El Choclo es
uno de esos tangos criollos que parecen desafiar al tiempo. Compuesto en 1903
por Ángel Villoldo, sigue sonando en milongas de todo el mundo y basta escuchar
sus primeros compases para que el ánimo se eleve.
El Club del
Tango Cambalache recoge una curiosa anécdota sobre el origen del título: en una
pensión llamada El Pinchazo se servía un gran puchero del que los parroquianos
extraían lo más apetecible, el choclo. De ahí el nombre, tomado de ese alimento
simple y sustancioso, cargado de vitaminas y minerales, que en el imaginario
popular se vuelve símbolo de lo más sabroso y buscado.
Pero fue la
versión de Enrique Santos Discépolo, en 1947, la que dio al tango su dimensión
poética más profunda. En su letra, El Choclo deja de ser solo una melodía
festiva y se convierte en una metáfora del tango mismo, entendido como un
estilo de vida. Es la música del “burlón y compadrito”, compañero de la
ambición y de los sueños de salir del barrio “buscando el cielo”. Es también
conjura de amor y esperanza, mezcla de dolor, rabia y fe, todo envuelto en ese
ritmo juguetón que llora y ríe a la vez.
En sus
versos resuenan las calles de Buenos Aires, las “paicas y las grelas” que
compartieron la milonga, y la nostalgia de un mundo que se despide.
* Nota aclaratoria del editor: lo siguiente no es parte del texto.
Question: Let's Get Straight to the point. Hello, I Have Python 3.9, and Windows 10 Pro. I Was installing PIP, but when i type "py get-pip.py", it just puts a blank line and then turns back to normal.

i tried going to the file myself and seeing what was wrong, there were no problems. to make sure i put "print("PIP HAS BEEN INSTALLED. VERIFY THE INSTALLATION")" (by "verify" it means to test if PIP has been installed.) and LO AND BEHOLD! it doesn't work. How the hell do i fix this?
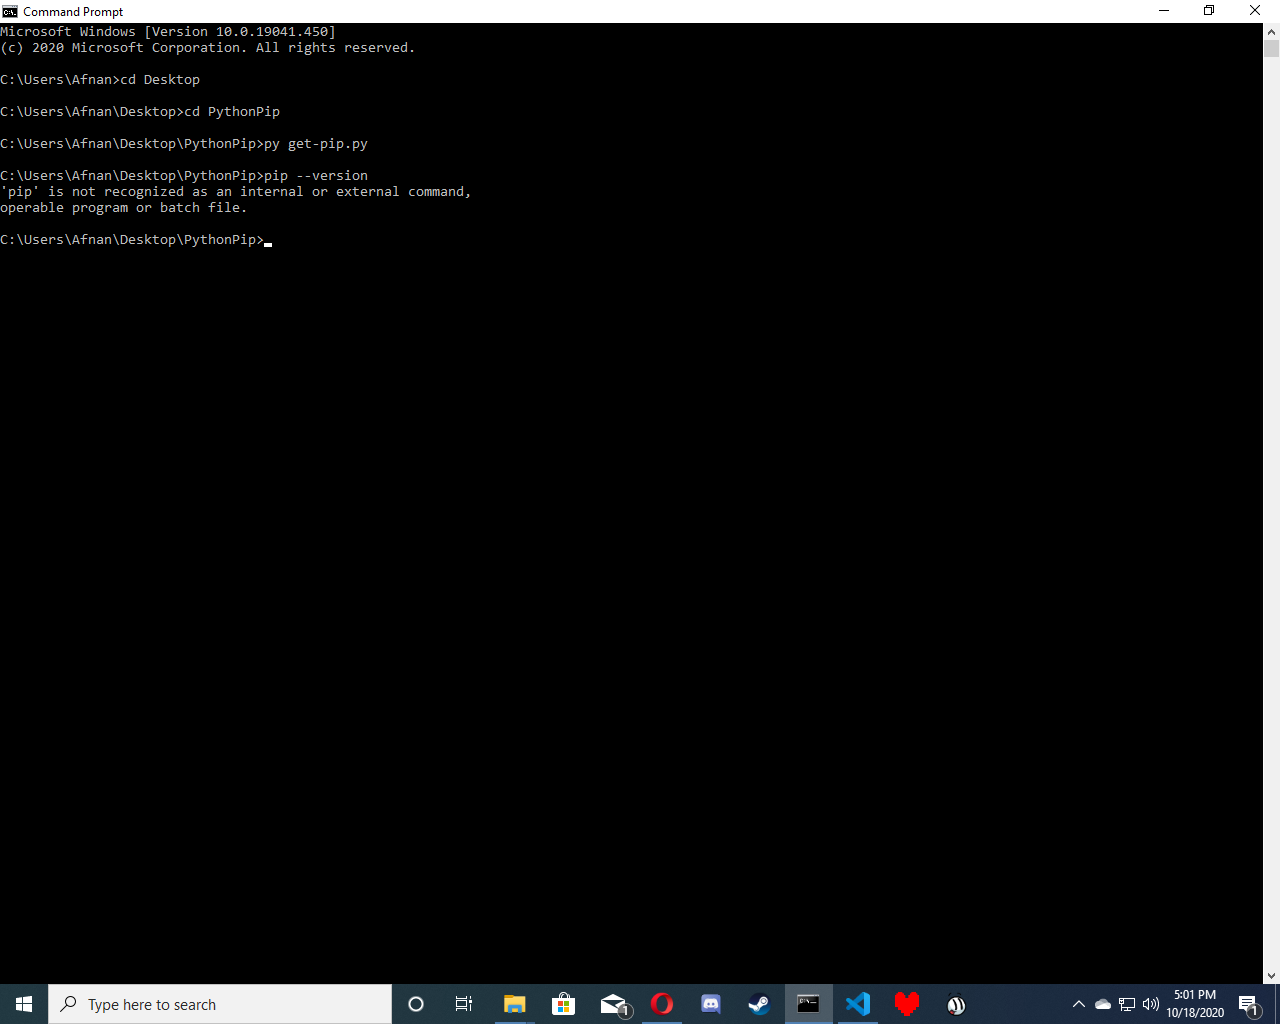
Answer: Pip comes by default with installing Python. Have you added Python to your PATH? Or did you accidently uncheck pip installation? I would try reinstalling Python and make sure you have checked everything correctly. You can verify if you have pip installed by simply typing "pip" into the console.
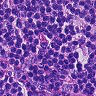
Metastatic tissue present: no
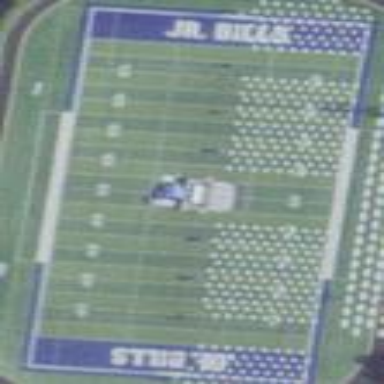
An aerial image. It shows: Pitch for American football with artificial turf surface.
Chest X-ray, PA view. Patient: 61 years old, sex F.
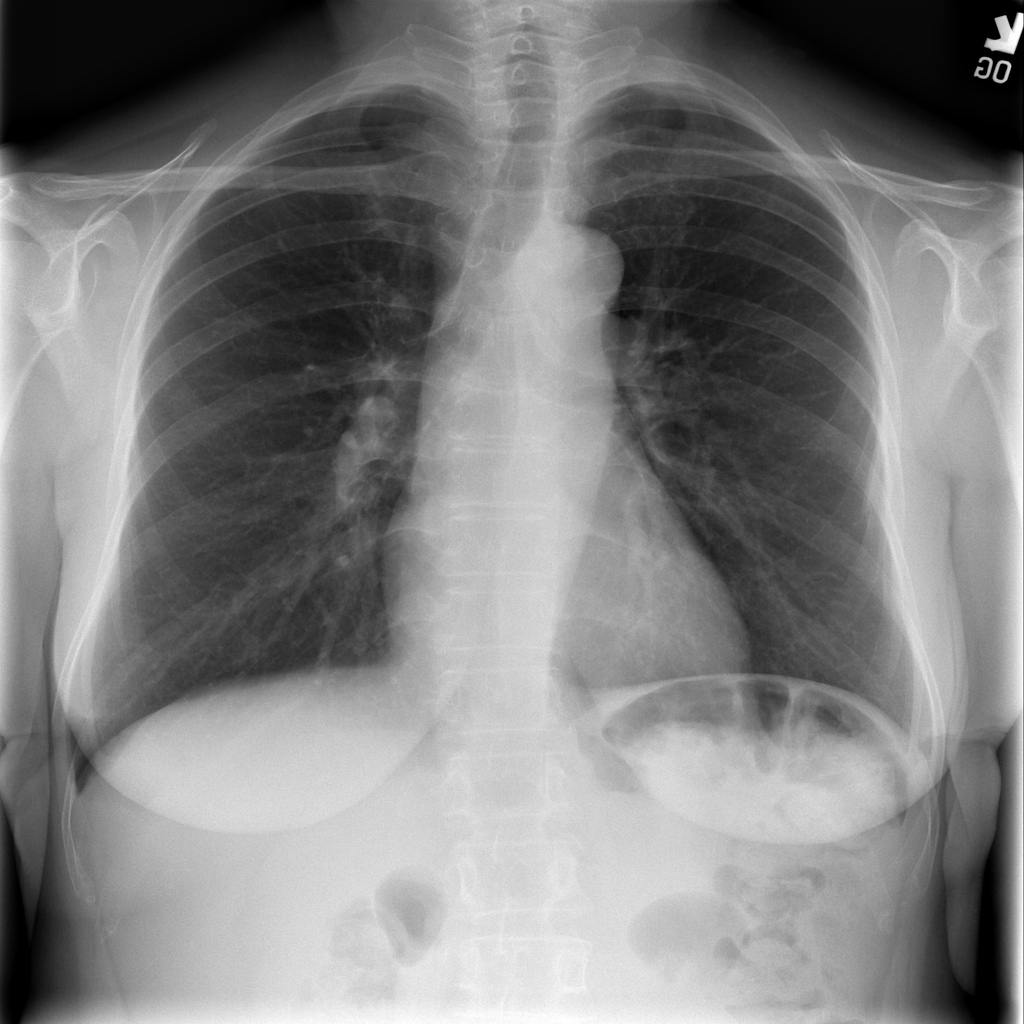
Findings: No Finding
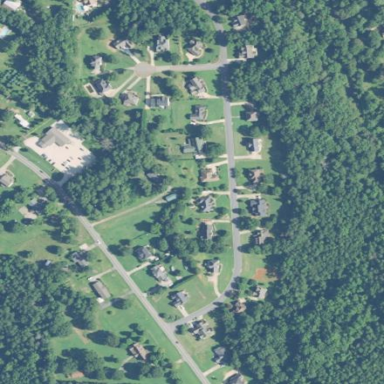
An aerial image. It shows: Residential area within neighborhood.
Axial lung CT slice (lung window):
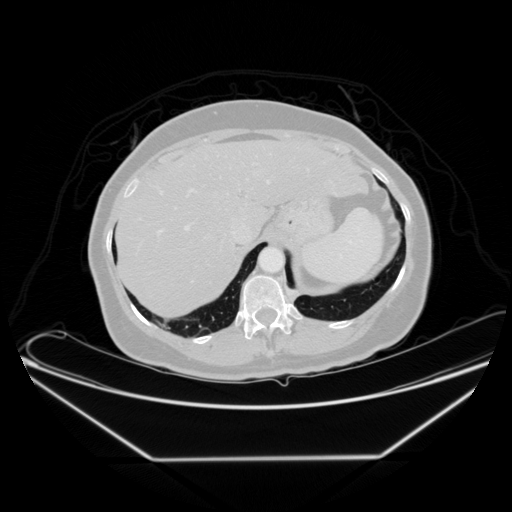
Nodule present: no
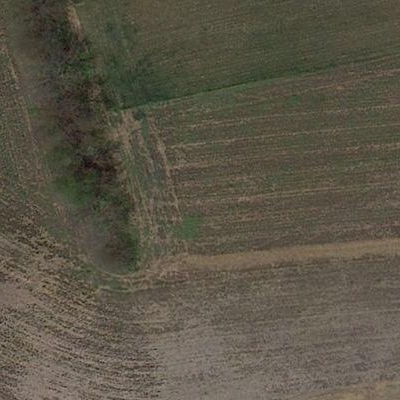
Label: bField

Carancanfunfa se hace a la mar con tu bandera, dice Discépolo, entrelazando
París con el Puente Alsina y brindando con un trago de Pernod. El tango, que
nació en los conventillos y ardió en la pasión de los compadritos, ahora viaja
al extranjero para enseñar a bailar lo que fue primero vivencia popular y
poesía de arrabal.
El
milonguero —ese “triste compadre del gavión y de la mina”, bacán seductor y a
menudo farsante— aparece como figura central. Hombre de cuchillo a la cintura,
habituado a las juergas, ardió en los patios de los conventillos y hoy se
marcha, llevando consigo el tango como bandera. Discépolo parece despedirlo con
afecto y cierta incertidumbre, deseándole éxito en su viaje a Europa, pero
también recordándole las raíces que deja atrás: las mujeres de pollera recta,
los guapos del barrio, las calles encendidas de pasión y peligro.
Así, El
Choclo se vuelve más que un tango: es un testimonio del desarraigo y la
esperanza, un canto de despedida que encierra la tristeza de lo que se deja y
la ilusión de lo que se busca. Una misa profana de faldas, querosén, tajo y
cuchillo, que arde en los conventillos y en el corazón.